Les Forces de sécurité intérieure (FSI) et leur directeur général, le général Achraf Rifi font l’objet d’une cabale, qualifiée “d’inadmissible” dont on ne s’explique pas la raison ni le mobile.
Le chef du gouvernement a dit “qu’elle est déplacée contre une institution aussi efficace et hautement qualifiée”.
Des hommes politiques soutiennent que “le général Rifi est au-dessus de tout soupçon” (Marwan Hamadé dixit), partant du fait que les sessions de formation de ses forces ont permis de démanteler des réseaux d’espionnage au Liban, ayant dégagé certains fils conducteurs qui ont été utiles à l’enquête internationale sur l’assassinat du président-martyr Rafic Hariri.
Un autre député, en l’occurrence, M. Okab Sacre, fait ressembler cette cabale à des “bombes fumigènes destinées à faire du chantage sur les forces du 14 mars”.
De son côté, M. Hassan Mneimné, ministre de l’Education nationale, soutient que la campagne en question a pour objet “d’affaiblir le moral des FSI afin de réduire leur efficacité”. Aussi, déplore-t-il que “cette cabale ait été exploitée dans le sens de l’accusation et de la provocation”.
En fait, les FSI sont prises à partie par les milieux - on sait lesquels - qui lui en veulent d’avoir coopéré avec l’ambassade des Etats-Unis, sur le plan des renseignements portant sur des dossiers en rapport avec des affaires criminelles.

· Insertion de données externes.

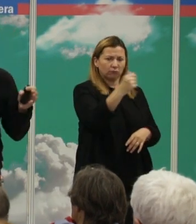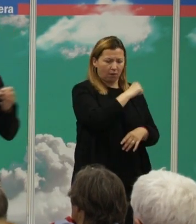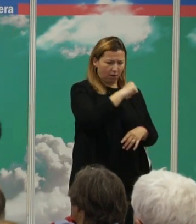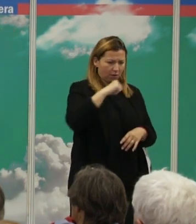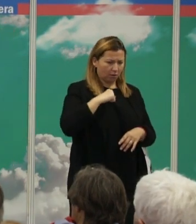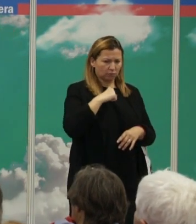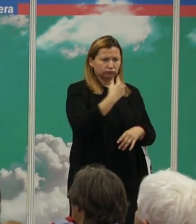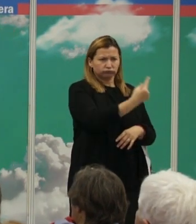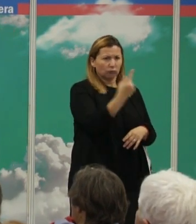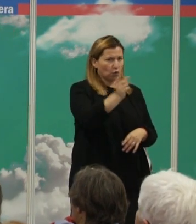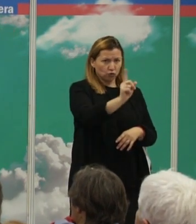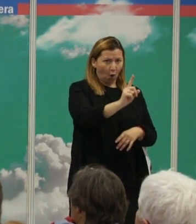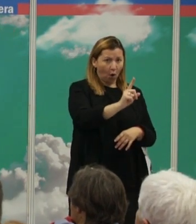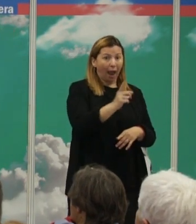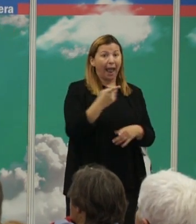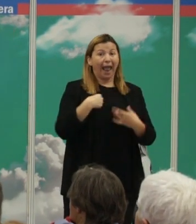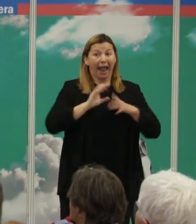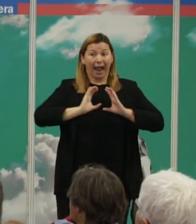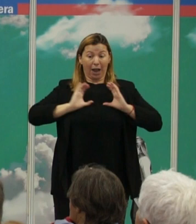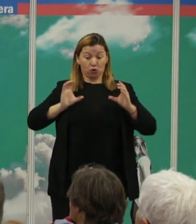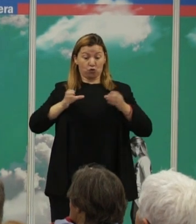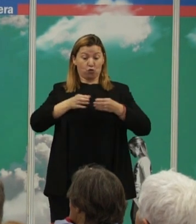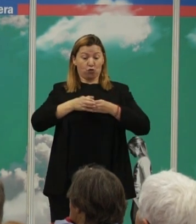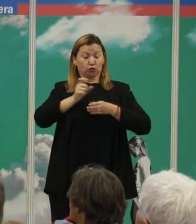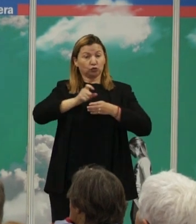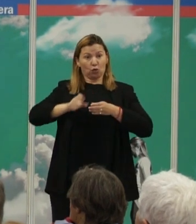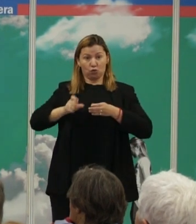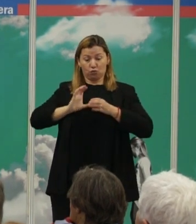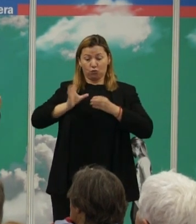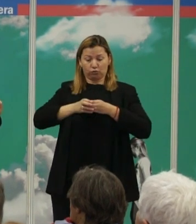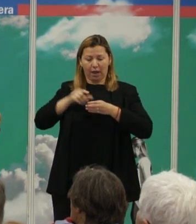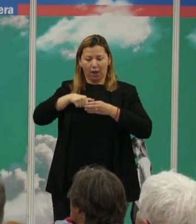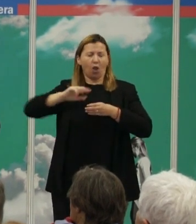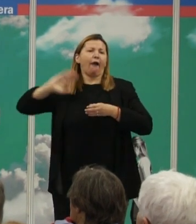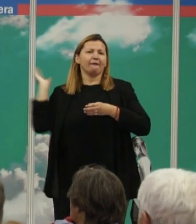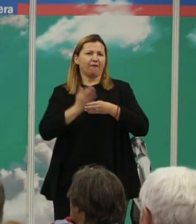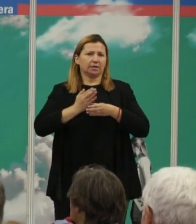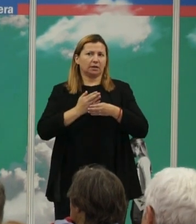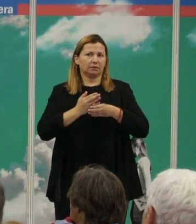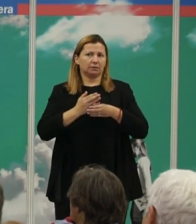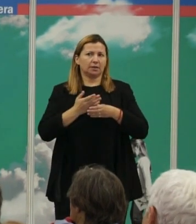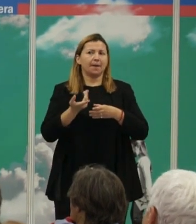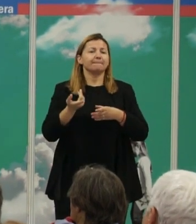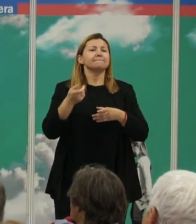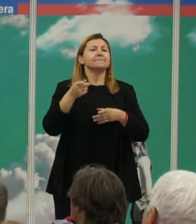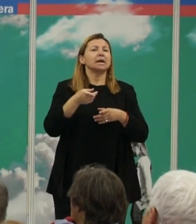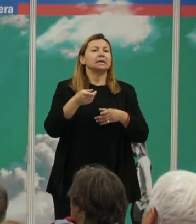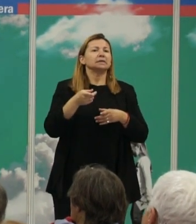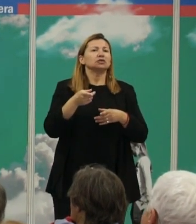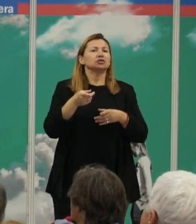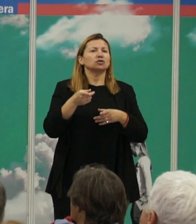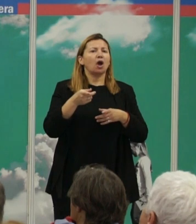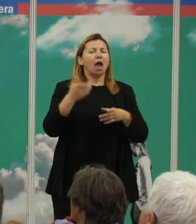colectivos en su conjunto, puede favorecer la violencia entre grupos y a la vez el altruismo intragrupo. Eso puede explicar una

Le général Rifi a répliqué à ses détracteurs, disant avoir la conscience tranquille et utilisant un adage voulant signifier “qu’il est aussi solide que la montagne et que rien ne peut l’ébranler”.
“Un clou chasse l’autre”, dit le dicton. A présent, d’autres affaires ont éclipsé celle des FSI et on parle moins de ce “scandale” soulevé par des parties ayant pâti de leur action, laquelle a barré la voie aux infractions aux lois libanaises.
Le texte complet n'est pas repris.